Current Staff's Favorite Plant

Our featured plant: Calluna vulgaris ‘Firefly’

A sprightly spring prelude, Fetching February flowers and foliage!

Shrubs for a sprightly spring prelude...

The dainty late winter blossoms of the following deciduous shrubs are a hopeful signal that spring is around the corner. Corylopsis pauciflora offers dangling fragrant primrose-yellow blooms amid graceful branches, while the Flowering Currant produces long-lasting richly colored flowers followed by bird-friendly berries. 

In the realm of evergreen shrubs, Calluna vulgaris ‘Firefly’ celebrates some of the most vibrant brick-red foliage among the species.

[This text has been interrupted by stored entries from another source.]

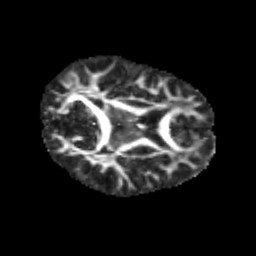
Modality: FA
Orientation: axial
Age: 10
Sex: male
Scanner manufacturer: siemens
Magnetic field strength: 3 T
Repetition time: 3.8 s
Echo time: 0.07 s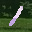
Label: 1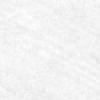
Label: change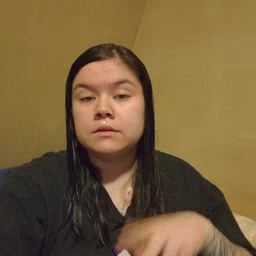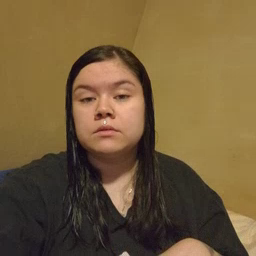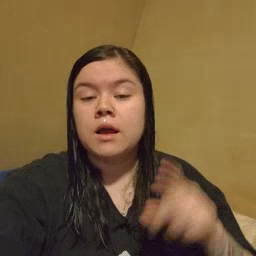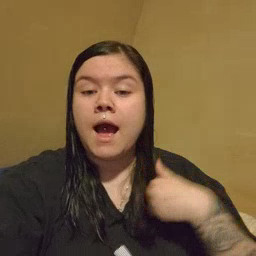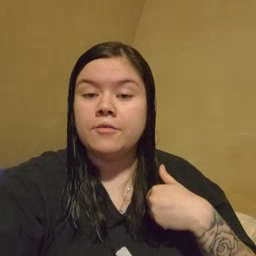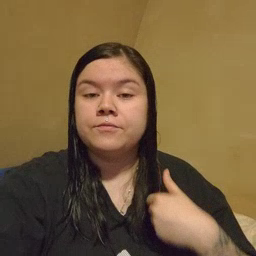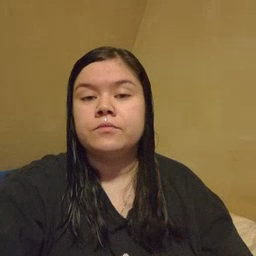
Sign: have
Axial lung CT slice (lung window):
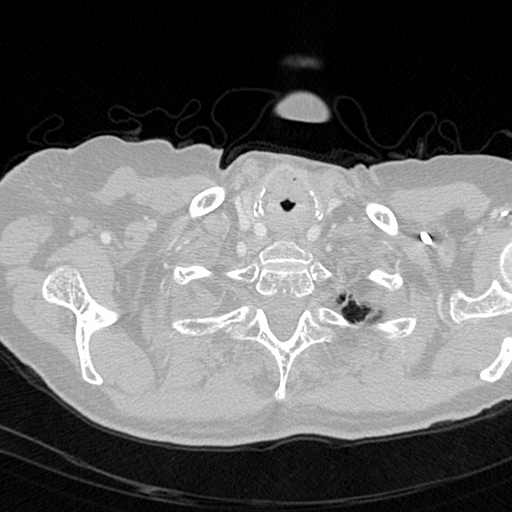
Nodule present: no
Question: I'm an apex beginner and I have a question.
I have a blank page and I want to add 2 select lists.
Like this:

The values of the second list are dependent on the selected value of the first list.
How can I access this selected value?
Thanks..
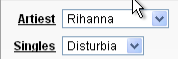
Answer: The feature you are looking for is Cascading Select Lists, and this comes natively in Apex 4.0 and up. If you are on a lower version, BoeroBoy's way may get you there.
Take a look at the blog post done by Patrick Wolf, who is on the apex dev team.
Pre 4.0: <URL>
4.0 and up: <URL>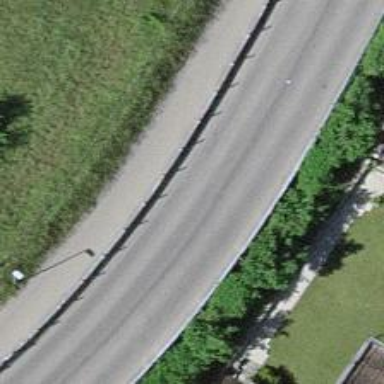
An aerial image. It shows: Tertiary road with asphalt surface and separate sidewalk.

Dusted in blue, The Dwarf Port Orford Cedar’s finely dissected gray-green needle-like leaves sculpt a dense slow-growing mound of artfully cascading branches. Both shrubs furnish a deer-resistant small-statured year-round presence that appreciates adequately moist, somewhat acidic niches.

Fetching February flowers and foliage...

While the blooms of Teucrium, Correa and many Hellebores open in January, they're still dressing up our garden in February. A handful of Brunnera flowers peek out by the middle of the month against a backdrop of welcome unfurling foliage. Of course, once the dazzling pendulous Corydalis flowers appear they tend to steal the show. We hope you'll be smitten by at least one or perhaps many of the plants that we featured in this newsletter.

All of us plant wranglers at the nursery, along with Boobah, our wee greeter and self-appointed nursery manager, and shy kitty, Parker, wish you countless happy hours digging in a garden of your own!